How to Develop a Mental Game Plan

Consider Roger Federer in the men's Wimbledon final in 2007. A break point down to Rafael Nadal in the 5th set, down 15-40, Roger comes up with three aces. I think that's a pretty good sign that he was able to shut out the nervous anticipation we felt as spectators and focus on his targets all the more clearly.

This doesn't just happen. We're not born with this ability, despite how it might seem. This is learned. This is why we call concentration, confidence, composure and motivation, for example, mental skills.

Mental Conditioning: Working Out Your Brain

Players at the IMG Bollettieri Tennis Academy undergo one of the most comprehensive training programs in the world. In addition to the technical and strategic training for tennis, there is a major emphasis on both the physical and mental training involved.

If you're doing physical conditioning at least three times a week, think about how much mental conditioning you're doing?

Studying for school doesn't count! Since when does getting an A for a math quiz help you stay positive when you've been broken early in a third set?

We need to be specific with our mental training and also understand that there are no shortcuts. While it might be easy for some of you to cruise through school and get good grades, your mental conditioning will only be as good as what you put into it.

Start thinking about what your mental game is and where you are right now. By identifying mental strengths and weaknesses, you and your coach can communicate more effectively and begin to work on skills for match play and practice.

Self-Awareness

By learning better self-awareness, you can recognize symptoms of your mental game on the court. In tournament play, you are your own coach so you need to know how to coach yourself.

In recognizing mental lapses or breakdowns on the court, it's critical to be able to catch it early rather than squandering a series of games or a set before realizing what is happening.

If you can recognize the symptoms of the breakdown as increased muscle tension (physical), negative thinking (mental) or rushing second serves (match play), you are far more likely to change your approach in time to play closer to your potential.

Too often a player will not notice these types of symptoms until its too late and they are playing catch up, or it's close enough to tip the balance to the opponents favor.

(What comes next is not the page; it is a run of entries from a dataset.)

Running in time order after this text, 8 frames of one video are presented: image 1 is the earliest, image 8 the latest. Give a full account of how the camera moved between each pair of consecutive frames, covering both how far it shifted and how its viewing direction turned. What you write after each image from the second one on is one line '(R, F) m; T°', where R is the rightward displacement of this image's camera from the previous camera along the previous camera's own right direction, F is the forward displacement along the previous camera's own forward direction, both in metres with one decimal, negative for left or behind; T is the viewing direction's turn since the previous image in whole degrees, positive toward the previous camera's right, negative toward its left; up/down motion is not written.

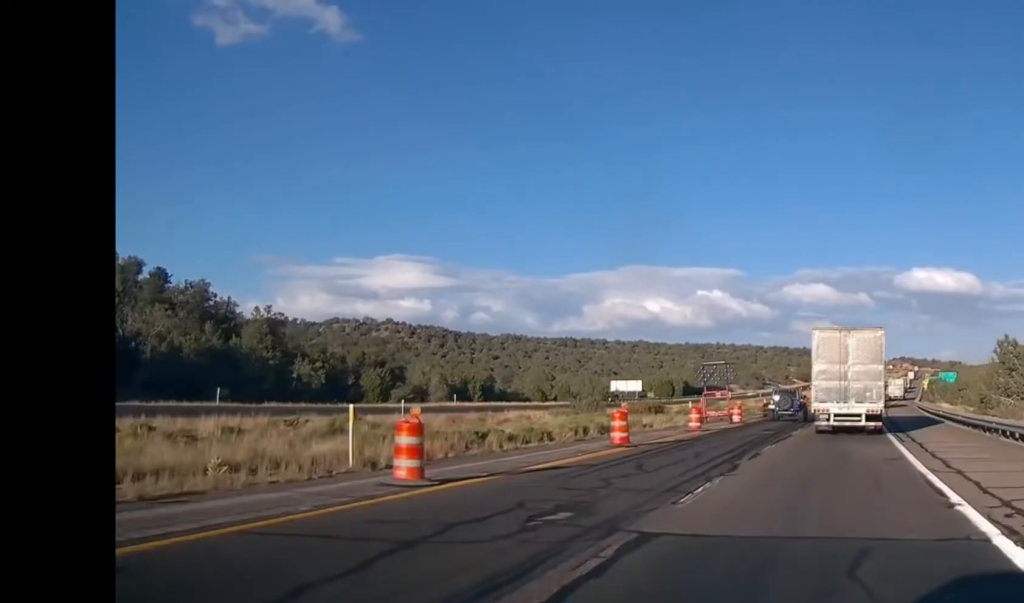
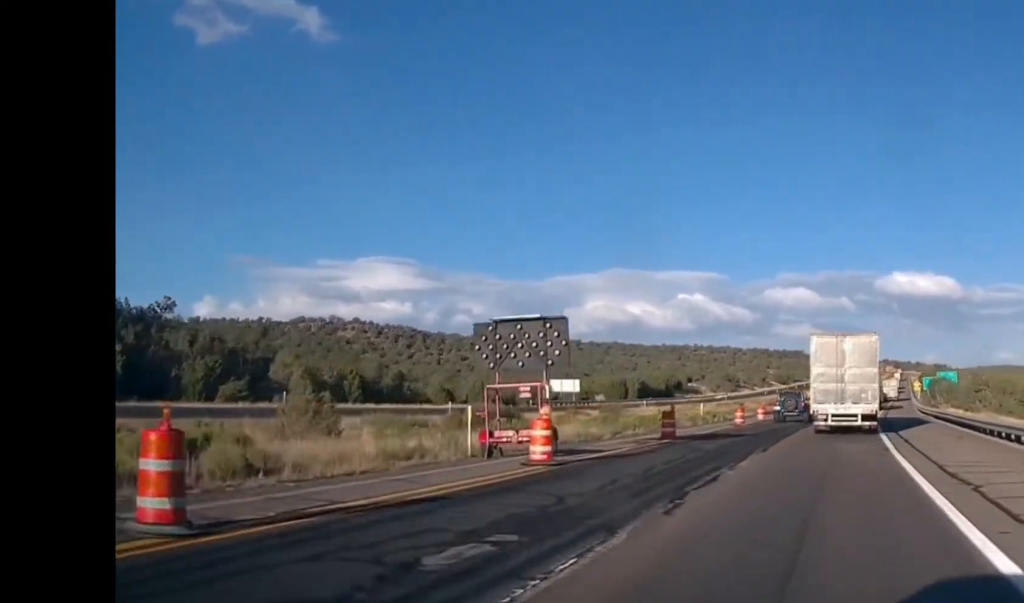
(+0.7, +30.6) m; +2°
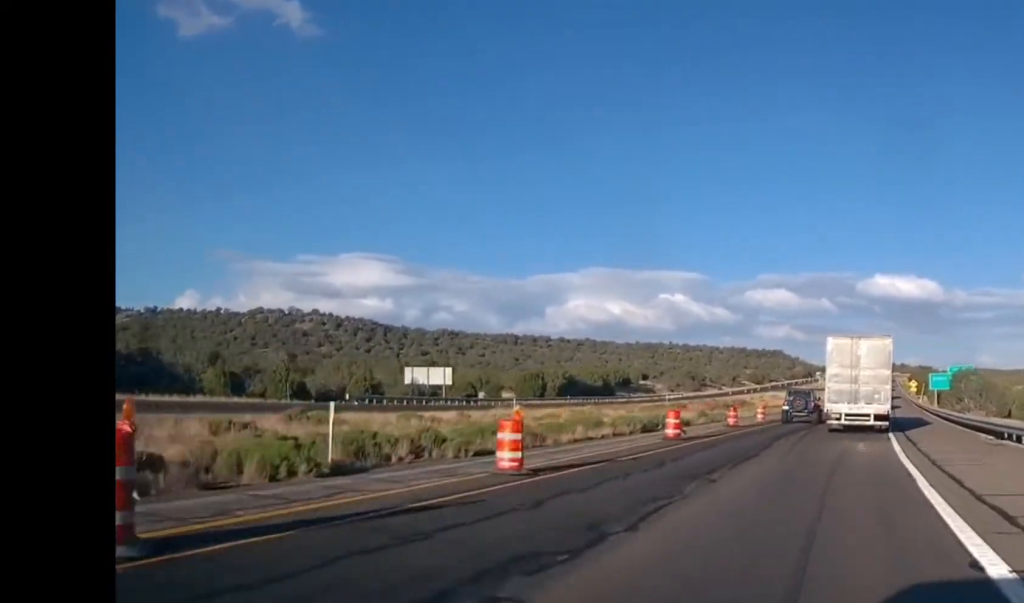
(0.0, +42.9) m; +1°
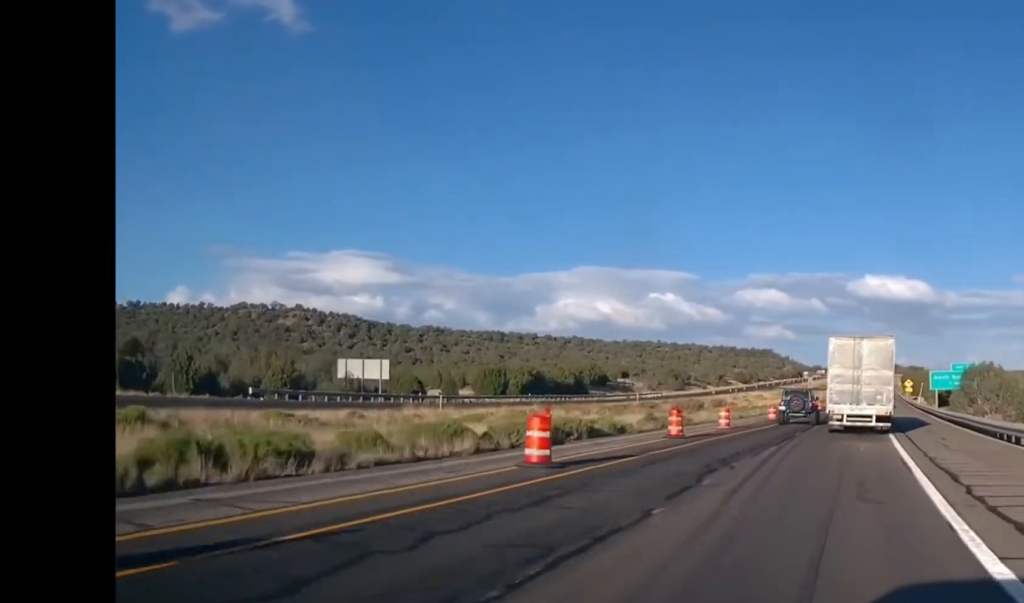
(+0.1, +13.1) m; +1°
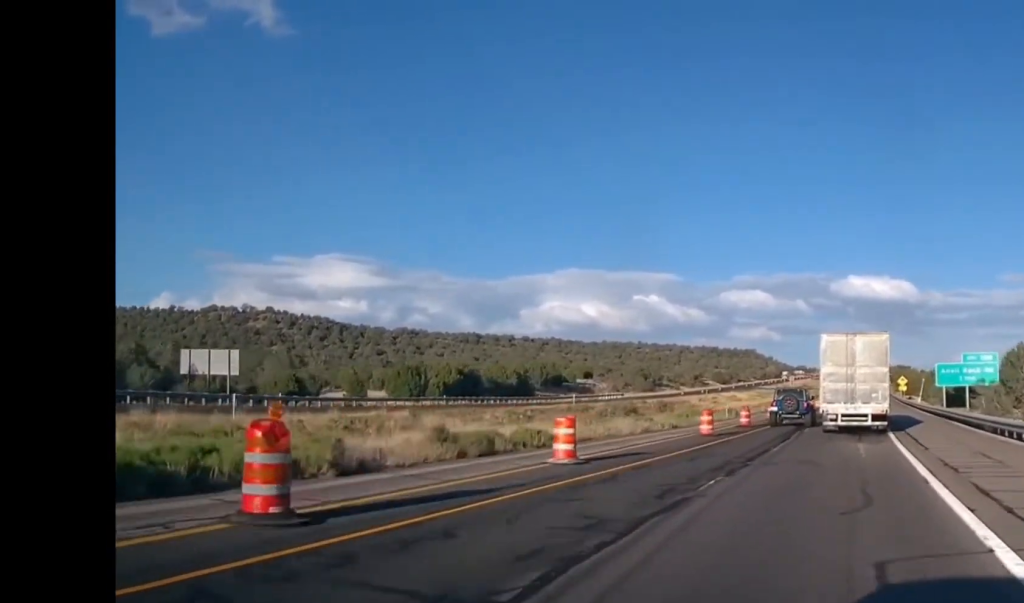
(+0.3, +22.7) m; +1°
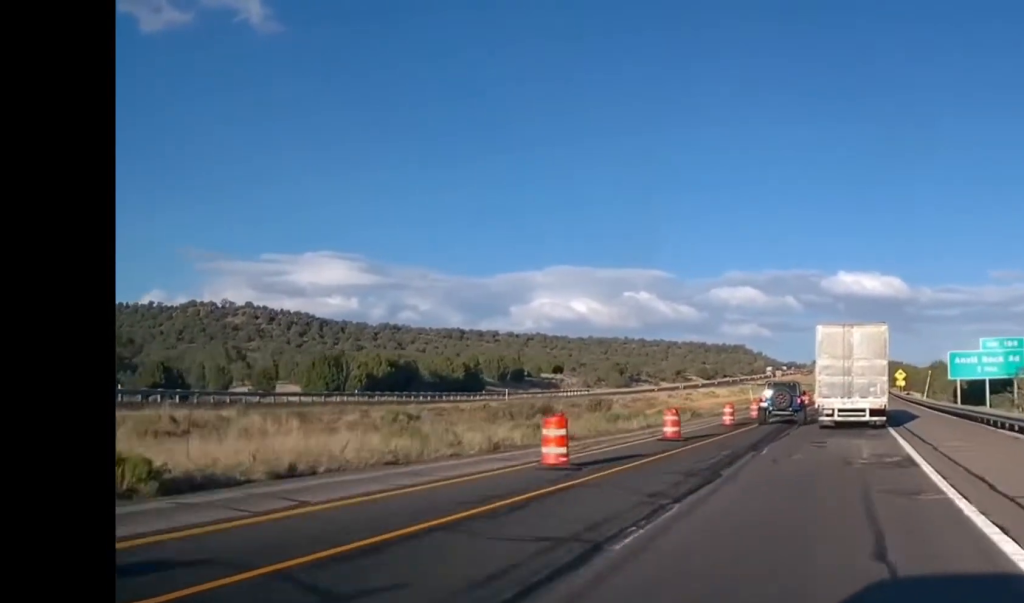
(+0.1, +17.7) m; 0°
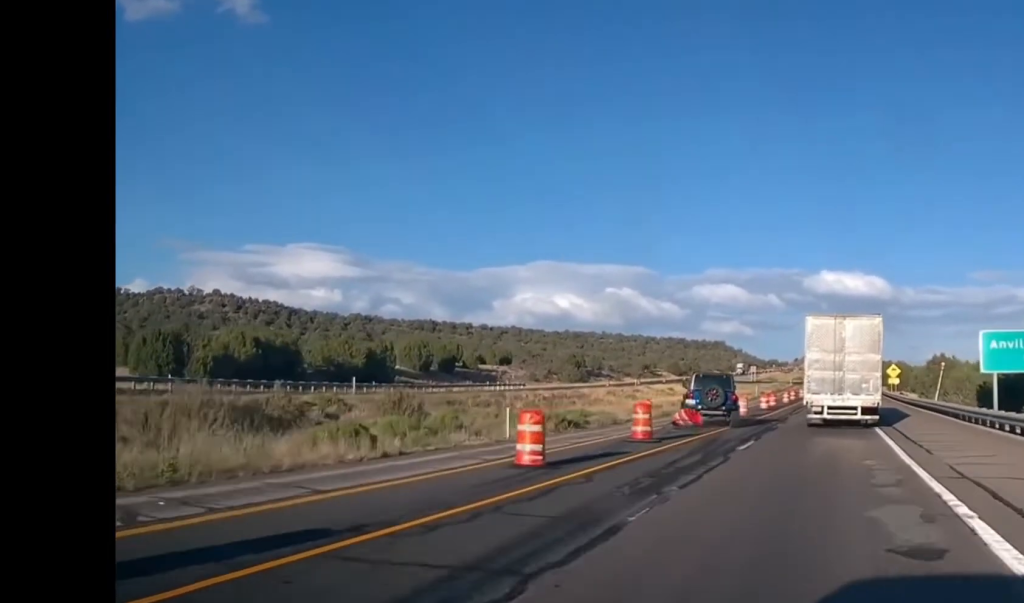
(-0.1, +24.4) m; +1°
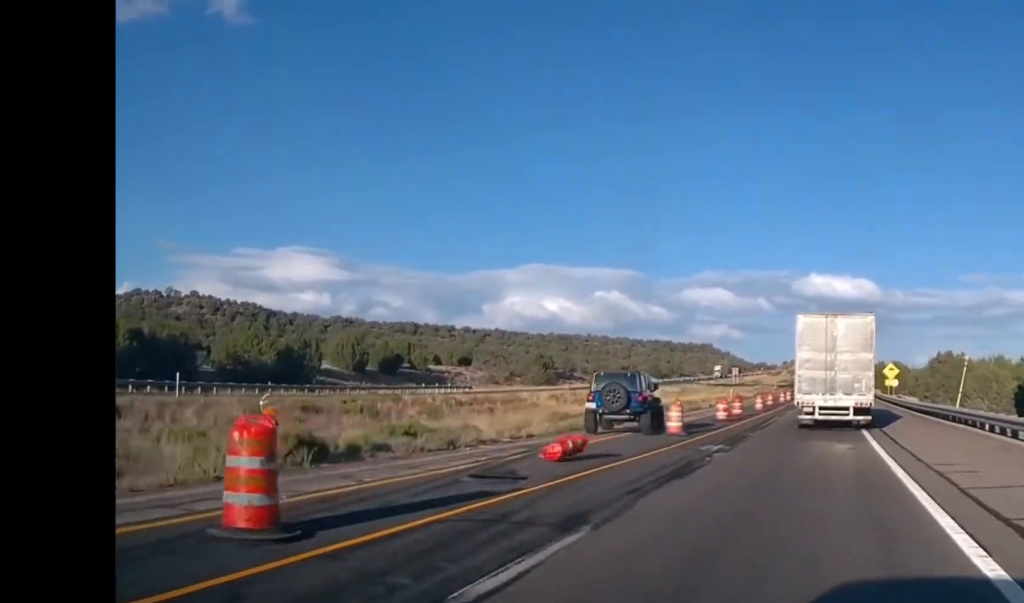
(+0.5, +16.6) m; 0°

So how can you improve self-awareness? Video is a great way to start identifying symptoms of match play.

Notice that the previous examples included symptoms that were physical, mental and also from match play. Of course, recognizing the symptoms does not identify the source or cause for this behavior. But in the heat of competition, getting a player to realize the things that will "ring an alarm bell" or provide a powerful wake-up call is a key catalyst to change.

Feedback from your coach can provide an important role both in the analysis of videotape, but also on the court where these symptoms will probably come up again. The combination of coach feedback on the court after analyzing video tape or reflection after a match or tournament can be powerful.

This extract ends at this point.